Items from a dataset:
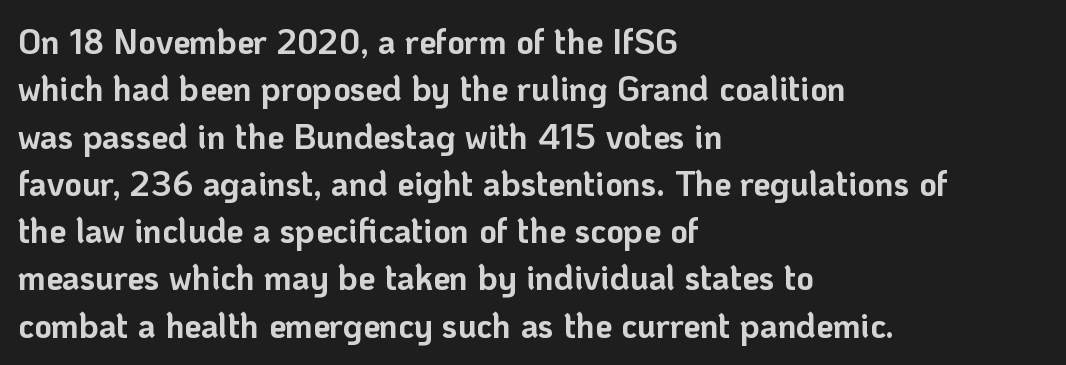
The lines are quadded left. Lines of text with bare space underneath. This rendering leaves character spacing at its baseline value. Ordinary non-slanted type is in use. I'd call this a sans setting — the letters go barefoot.
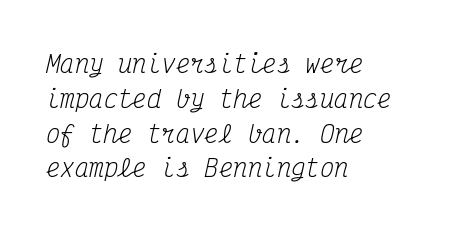
{"italic": "yes", "lean": "right", "slant_degrees": 12, "bold": "no", "underline": "no", "align": "left", "line_spacing": "normal", "line_spacing_ratio": 1.45, "letter_spacing": "normal", "letter_spacing_em": 0.0, "glyph_px": 24}
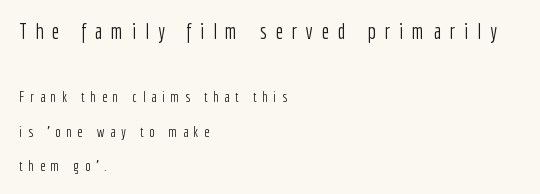
{"italic": "no", "bold": "no", "underline": "no", "align": "left", "line_spacing": "loose", "line_spacing_ratio": 2.48, "letter_spacing": "wide", "letter_spacing_em": 0.42, "larger_block": "first", "size_ratio": 1.5, "glyph_px": 21}
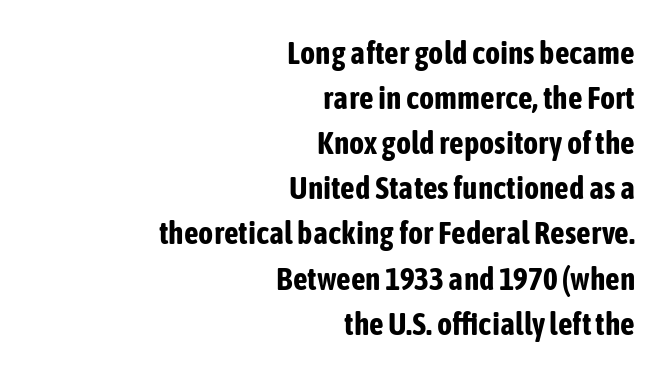
Q: Is the text bold? A: Yes.
Q: Is the text italic (slanted)? A: No, it is upright.
Q: Is the typeface a serif or a sans-serif typeface? A: Sans-serif.
Q: Is the text underlined? A: No.
Q: How is the paragraph aligned? A: Right-aligned.
Q: Is the spacing between letters normal or unusually wide? A: Normal.
Q: Is the spacing between lines tight, normal or loose? A: Normal.
Q: Width (condensed, normal, or wide)? A: Condensed.
Q: Stroke contrast? A: Low.
Q: x-height? A: Medium.
Q: Monospaced? A: No.
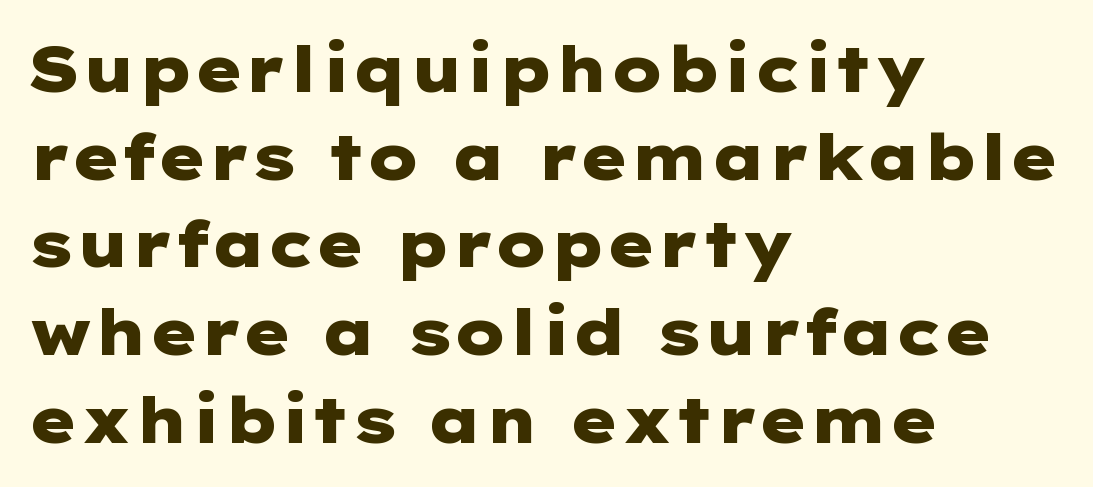
The image shows 64 px heavy, wide sans-serif type, upright; set left-aligned, normal line spacing (1.37x), normal letter spacing, not underlined; low stroke contrast and a medium x-height.
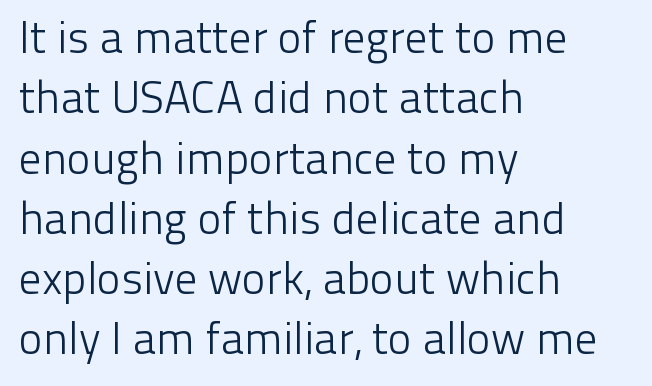
Note: no serifs on the glyphs. This sample has the flowing, uneven cadence of proportional lettering. A typesetter would call this zero additional tracking. Just letters on the line, the space beneath them empty. Summary of weight: not heavy and not bold.

Work to be completed:
Reproduce, character for character, only the lines of the preceding data that start at the line with "Q: Is the text italic" and end at the line with "Q: How is the", both included.

Solution for this problem:
Q: Is the text italic (slanted)? A: No, it is upright.
Q: Is the typeface a serif or a sans-serif typeface? A: Sans-serif.
Q: Is the text underlined? A: No.
Q: How is the paragraph aligned? A: Right-aligned.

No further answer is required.